Apical uptake and transepithelial transport of sphingosine monomers through intact human intestinal epithelial cells: physicochemical and molecular modeling studies.

The mechanism of absorption of sphingosine was studied in human intestinal epithelial cells Caco-2 and HT-29-D4. The experiments were performed below the critical micellar concentration of sphingosine which was evaluated to 6 microM by surface tension measurements. [3H]Sphingosine uptake was not inhibited by Na+-free conditions, ATP depletion, L-cycloserine or methyl-beta-cyclodextrin, consistent with a passive diffusion mechanism independent of lipid raft integrity.

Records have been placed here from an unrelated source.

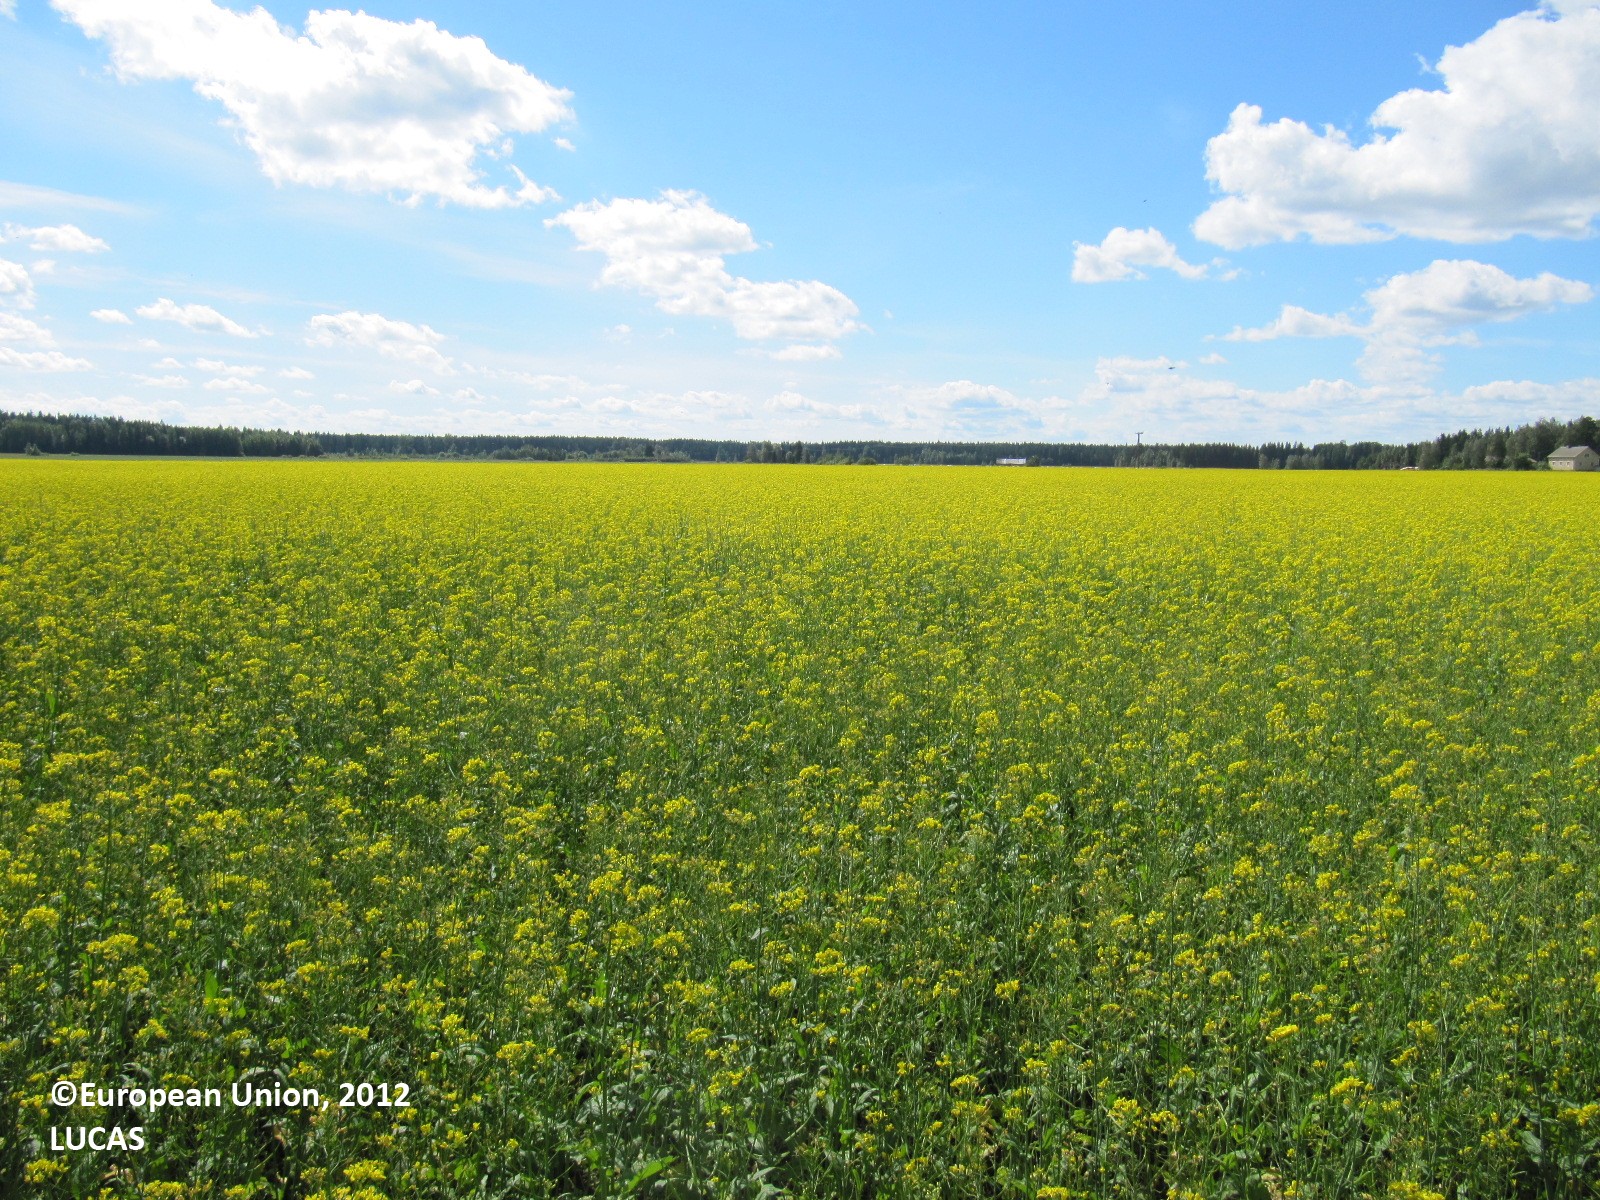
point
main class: Cropland
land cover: Rape and turnip rape
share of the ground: > 75 %
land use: Agriculture (excluding fallow land and kitchen gardens)
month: August
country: FI
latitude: 60.6338
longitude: 23.2249
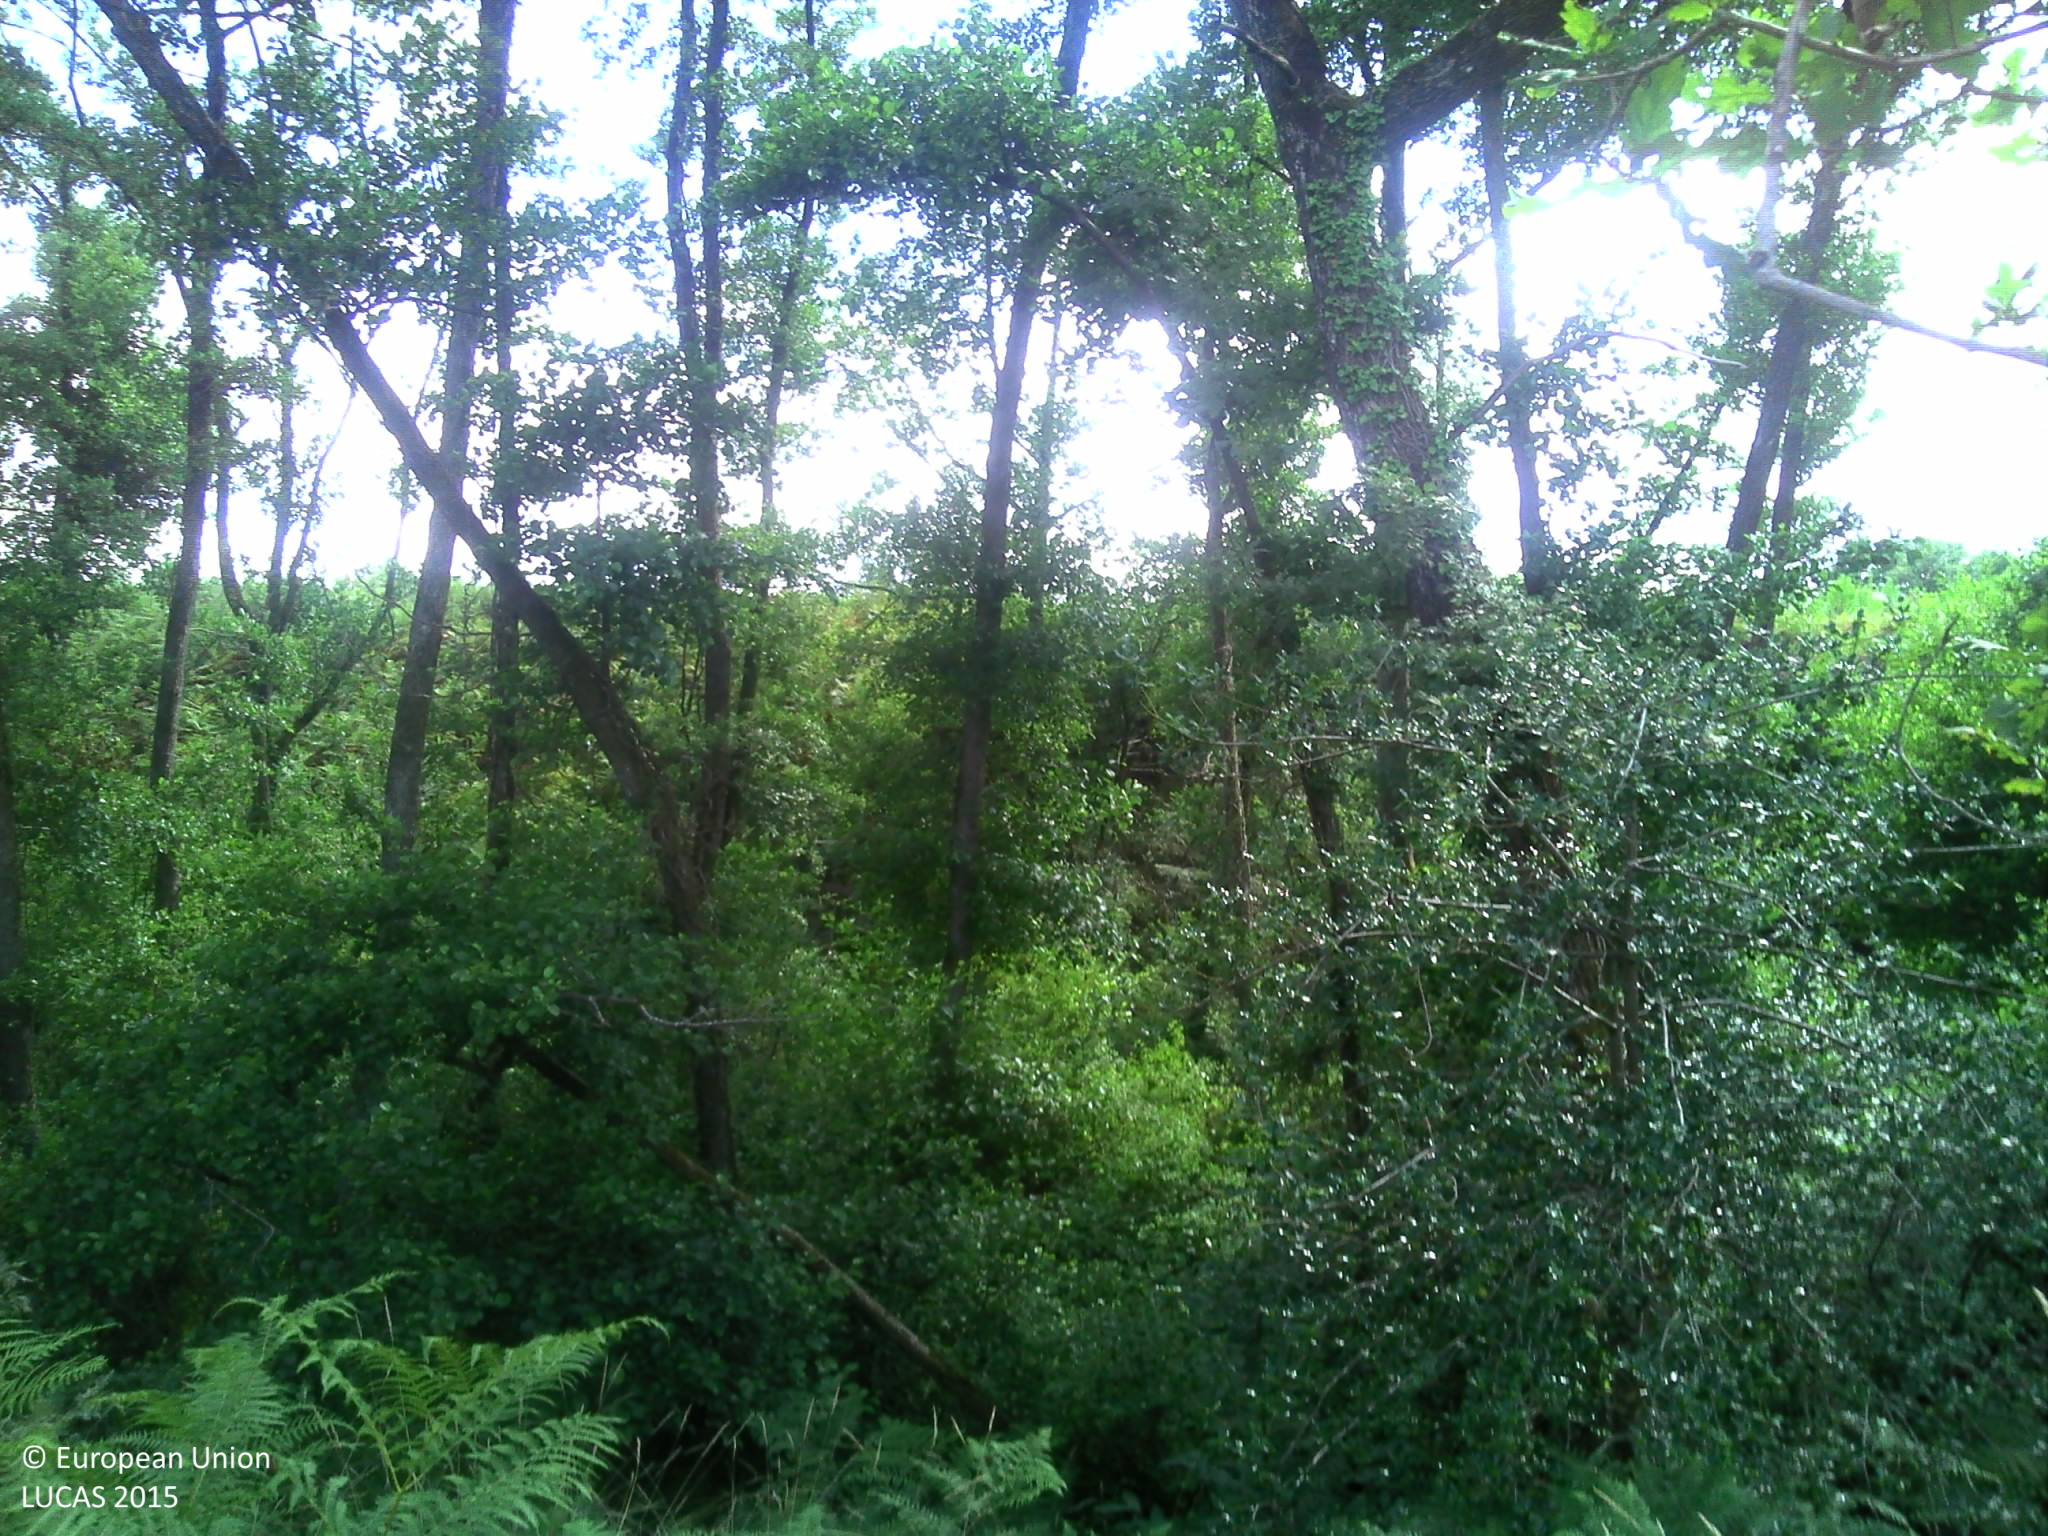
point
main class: Woodland
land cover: Broadleaved woodland
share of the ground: > 75 %
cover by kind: broadleaved forest trees 75 %, shrubs 15 %, herbaceous plants 10 %
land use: Semi-natural and natural areas not in use
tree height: > 5 m
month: July
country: FR
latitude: 44.0057
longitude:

Molecular modeling studies suggested that sphingosine can adopt two distinct conformations: a high-energy "snake-like" conformer in water and an extended low-energy conformer in lipid phases. We propose that the energy stored in the compressed snake-like conformer is transformed into kinetic energy, allowing: (i) the motion of sphingosine through the unstirred water layer bathing the mucosal enterocyte surface, and (ii) its insertion into the enterocyte brush border membrane. Dietary lipids that stabilized the extended sphingosine conformer in mixed micelles (e.g., cholesterol and sphingomyelin) induced a marked inhibition of sphingosine absorption.